# Would you have another child?



## skitown (Feb 9, 2010)

I am interested in getting a man's opinion on this. My question - if your wife wanted another child, and you did not, would you have one with her? I know this question is not black and white - so here is a little background. We have one child, who has been fairly easy to raise (so far). After our child was born, I knew I wanted more children (2 more would be perfect). My husband on the other hand did not. He loves our child dearly and is a great father. However, he did not want the additional commitment more children would bring. Primary reasons were money, time commitment, stressful jobs. Well, these reasons don't hold water - we always seem to have enough money for the things he wants, I am the primary caretaker - he has been able to take time to himself, go on trips, etc, and yes at times our jobs are stressful - but no different than most other people. Once I learned of this, I did think about leaving - most likely having at least one additional child on my own; but I could not do this - I wanted my son to live in a two parent household. Each year I held on to hope that he would change his mind. Even at age 40, I was still a little hopeful. Well now, I am in my mid-40's, have spoken to a Dr. about the potential of having another child (not too likely without an egg donor and IVF). My heart is just aches.
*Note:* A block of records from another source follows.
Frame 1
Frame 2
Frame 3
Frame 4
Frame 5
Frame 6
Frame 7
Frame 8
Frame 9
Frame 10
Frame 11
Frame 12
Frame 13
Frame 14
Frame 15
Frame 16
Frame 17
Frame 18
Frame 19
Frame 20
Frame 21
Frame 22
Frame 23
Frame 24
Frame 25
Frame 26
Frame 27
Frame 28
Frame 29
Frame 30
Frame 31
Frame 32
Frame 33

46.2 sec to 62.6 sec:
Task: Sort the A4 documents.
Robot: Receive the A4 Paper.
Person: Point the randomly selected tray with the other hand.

I know I let this happen - I have anger and resentment towards myself. My husband was honest with me - but I can't seem to get past the fact that I believe if he truly loved me, he would have had another child with me. He would have given me this gift. I feel like I have given him everything - working, taking care of the house (even some of the "male" responsibilities), being a good mother, wife, letting him buy his "toys", etc. And now I can't go back. I feel nothing towards him; no love. So, what are your thoughts - would you have another child with your wife? If you would not, is that an indication that you do not truly love her?


----------



## Deejo (May 20, 2008)

skitown said:


> So, what are your thoughts - would you have another child with your wife? If you would not, is that an indication that you do not truly love her?


Not coming down on you at all, but I'm presuming you had this discussion before you married? I have friends who ended a marriage for this reason. He didn't want them, she did. She presumed he would come around - and didn't. Fast forward 8 years - he is remarried with 4 kids. She remarried, and discovered she can't have kids. Life is bizarre.
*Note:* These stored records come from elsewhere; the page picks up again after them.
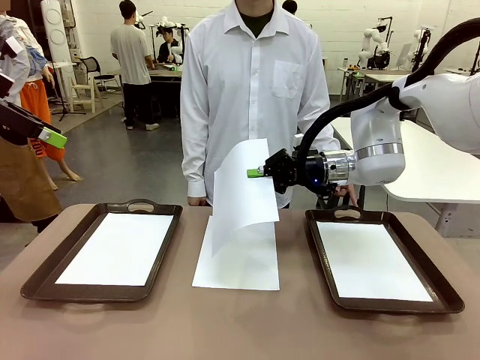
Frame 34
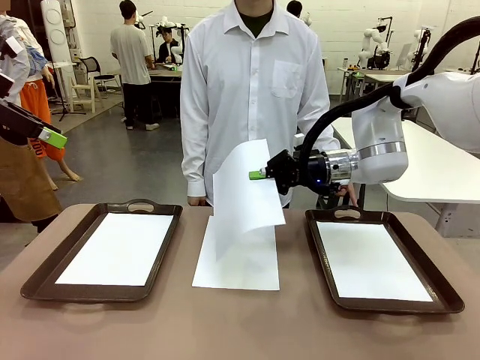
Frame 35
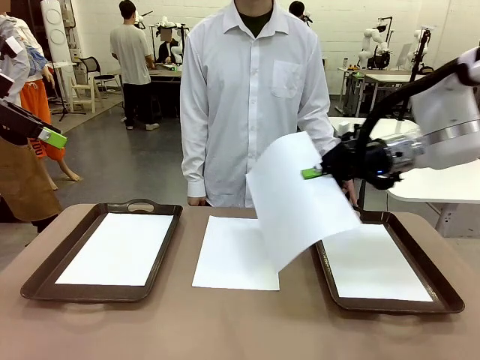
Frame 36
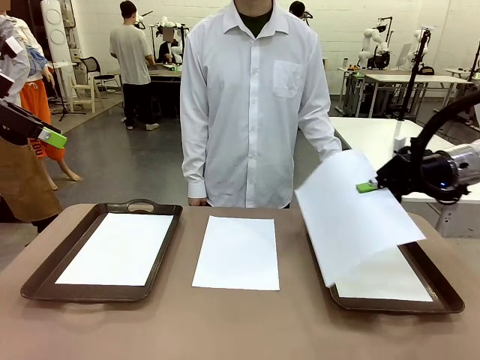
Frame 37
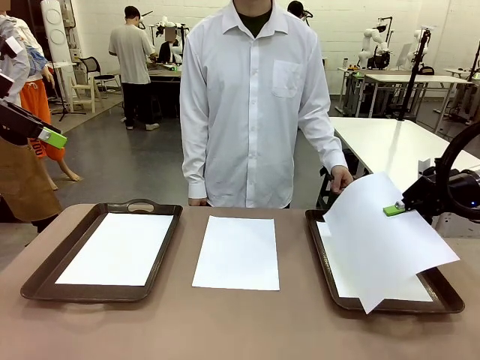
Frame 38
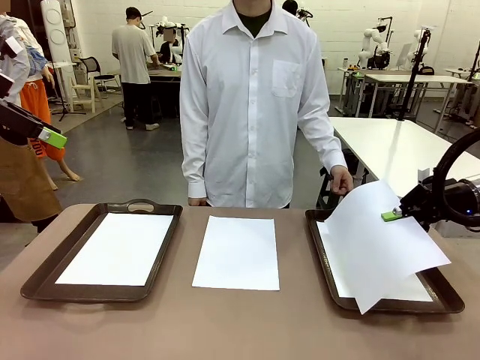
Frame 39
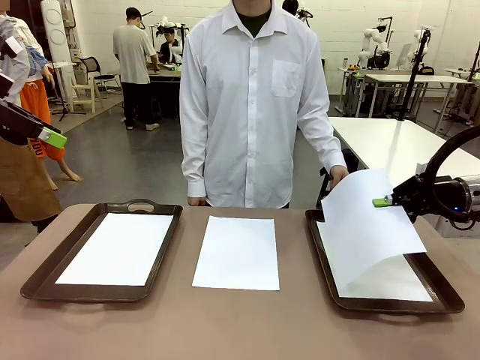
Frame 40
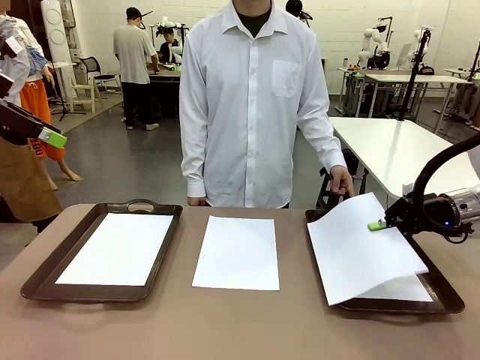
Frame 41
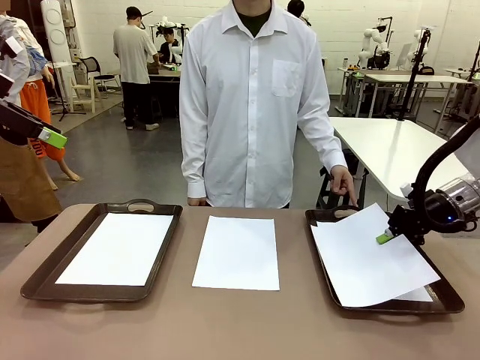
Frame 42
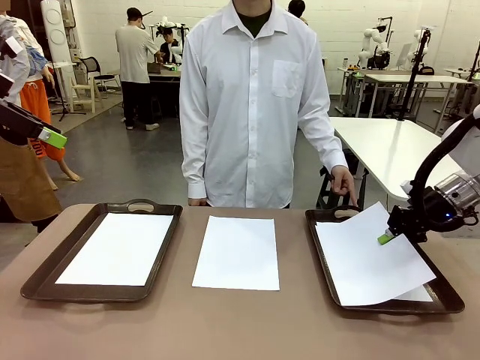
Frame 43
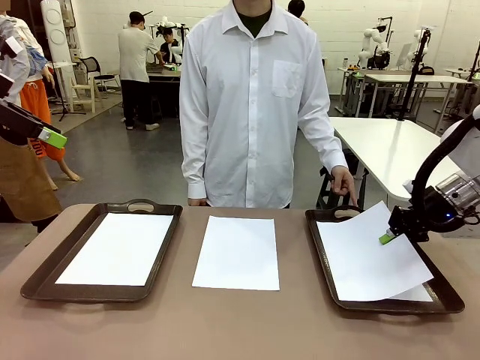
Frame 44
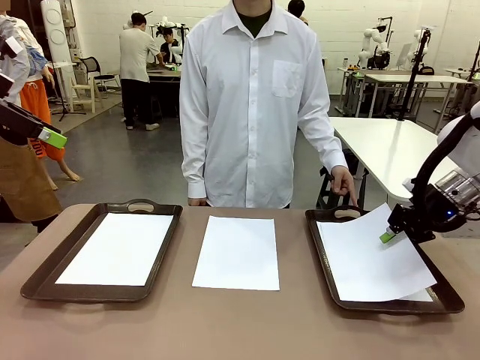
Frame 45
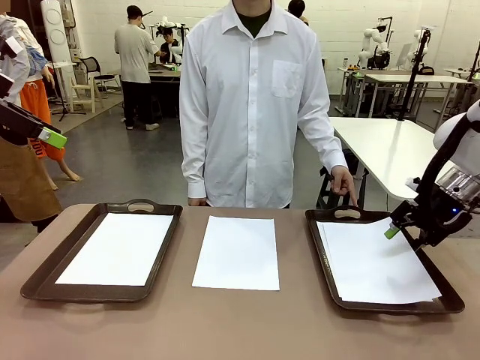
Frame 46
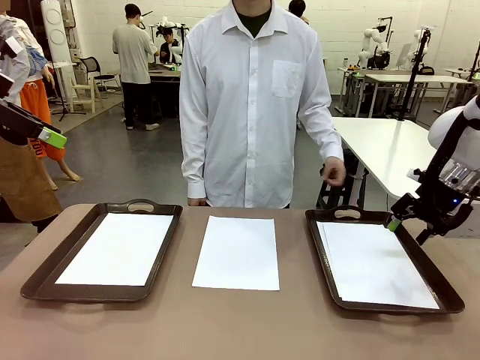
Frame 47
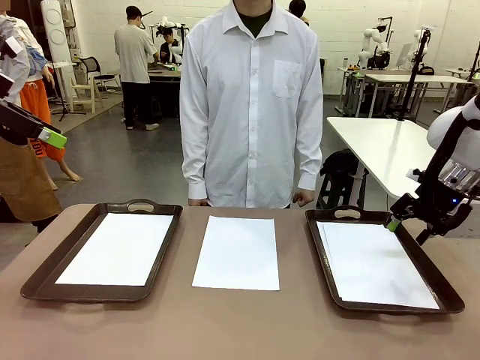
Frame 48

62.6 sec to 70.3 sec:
Robot: Place the A4 Paper in the designated Handle tray.

To answer your question, ab-so-friggin-lutely not. Not wanting multiple children has zero to do with loving or not loving your wife.


----------



## gypsysouls (Jul 30, 2010)

you are very blessed to have a beautiful child, a husband who was honest with you from the start and a loving relationship. some people dont get any of that. 
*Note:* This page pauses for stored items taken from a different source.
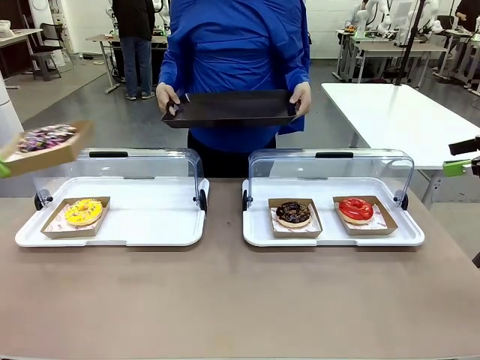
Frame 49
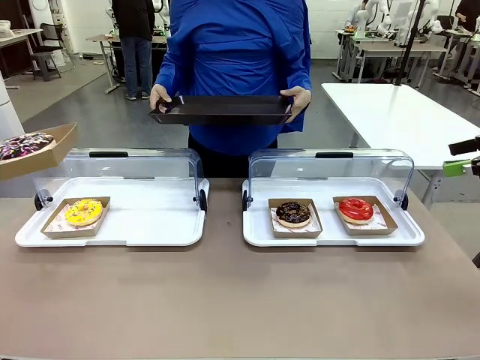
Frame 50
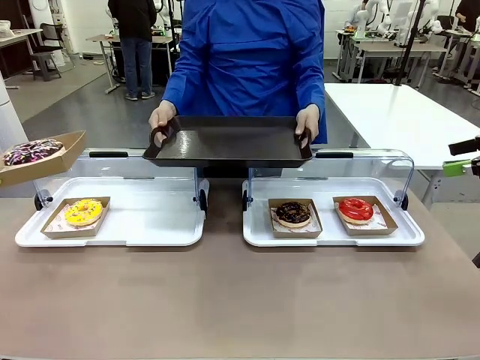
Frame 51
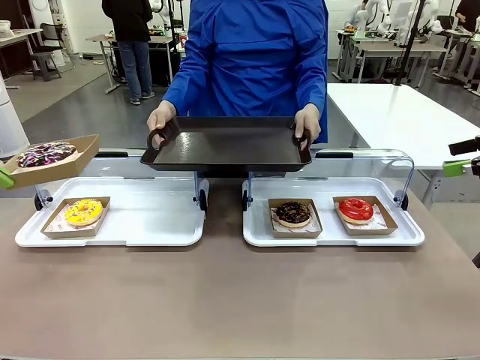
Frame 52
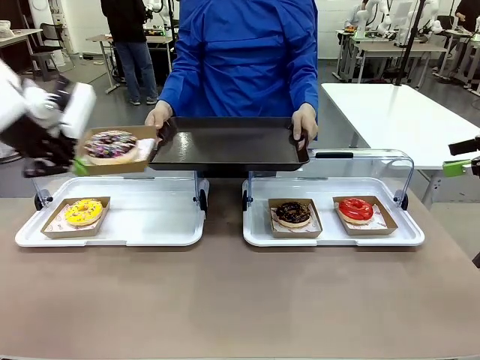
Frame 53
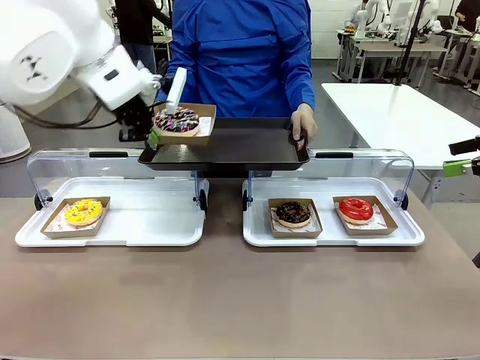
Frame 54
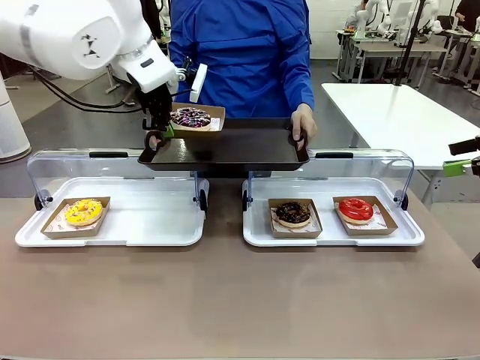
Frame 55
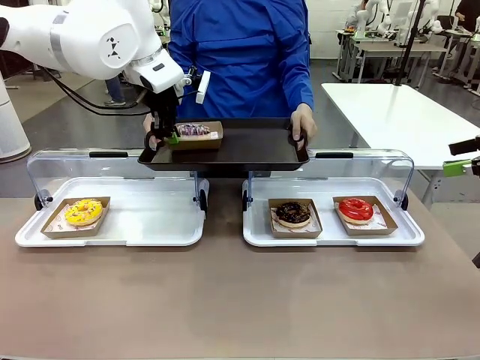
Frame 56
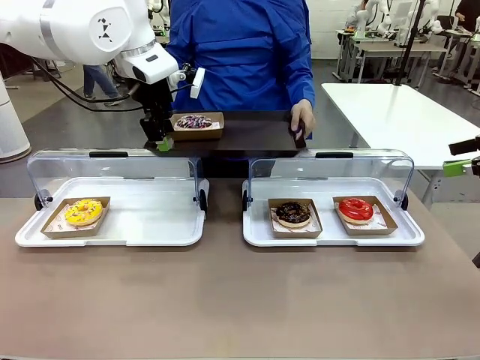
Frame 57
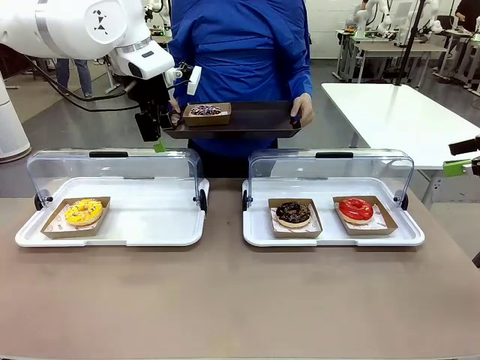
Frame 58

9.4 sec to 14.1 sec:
Task: Provide the desired donut to the person.
Robot: Place the picked Paper togo box onto the Handle tray extended by the person.
Person: Point to one donut.

yes i can understand the desire to have another child, but having to go through ivf and use an egg donor as well - well it sounds like it would complicate what is otherwise a happy life.

he is showing you he loves you by having always being honest with you. if he did agree to another child it doesnt mean he would love you more or less, but you can gaurentee that there will be lots and lots of resentment coming from him which will create problems in your marriage.

to quote deejo, not wanting multiple children has zero to do with loving or not loving your wife.


----------



## Deejo (May 20, 2008)

I won't generalize for all men or women, but some form of the following has been stated on the site previously and I can unequivocally say that it applied in my case:

Women want to be married to have children. Men want to be married to have a wife.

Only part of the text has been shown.